:: What is needed ::
An unchanged copy of each entry below is needed; keep the pictures out of it.
**** Available data ****
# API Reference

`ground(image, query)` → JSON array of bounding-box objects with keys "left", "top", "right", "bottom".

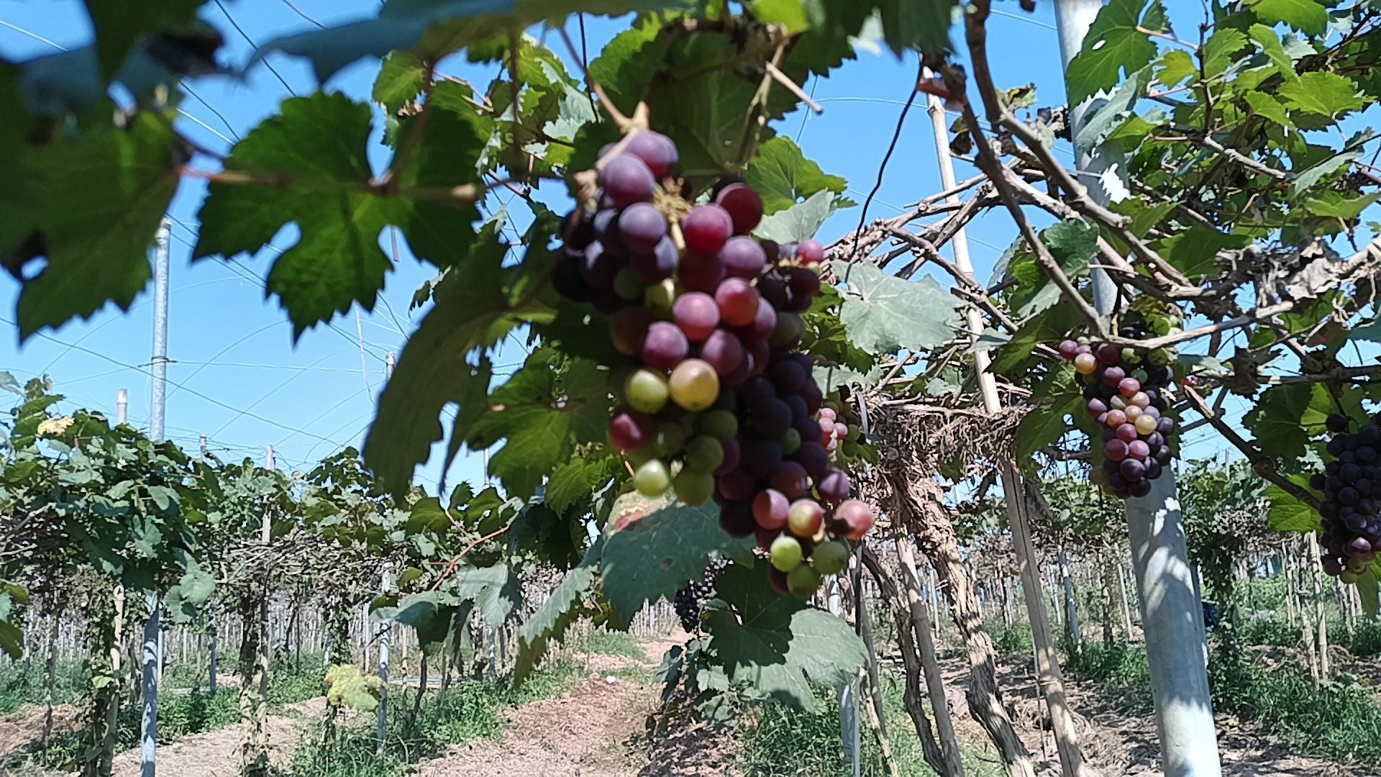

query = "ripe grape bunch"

[{"left": 673, "top": 563, "right": 719, "bottom": 632}]
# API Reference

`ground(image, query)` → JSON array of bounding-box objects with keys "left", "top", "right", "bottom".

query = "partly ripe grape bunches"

[
  {"left": 1310, "top": 413, "right": 1380, "bottom": 583},
  {"left": 555, "top": 129, "right": 774, "bottom": 506},
  {"left": 1059, "top": 310, "right": 1181, "bottom": 501},
  {"left": 712, "top": 238, "right": 875, "bottom": 596}
]
****
:: Response ::
# API Reference

`ground(image, query)` → JSON array of bounding-box objects with keys "left", "top", "right", "bottom".


query = "ripe grape bunch"

[{"left": 673, "top": 563, "right": 719, "bottom": 632}]
# API Reference

`ground(image, query)` → JSON array of bounding-box objects with keys "left", "top", "right", "bottom".

query = "partly ripe grape bunches"

[
  {"left": 1310, "top": 413, "right": 1380, "bottom": 583},
  {"left": 555, "top": 129, "right": 774, "bottom": 506},
  {"left": 1059, "top": 310, "right": 1181, "bottom": 501},
  {"left": 712, "top": 238, "right": 875, "bottom": 596}
]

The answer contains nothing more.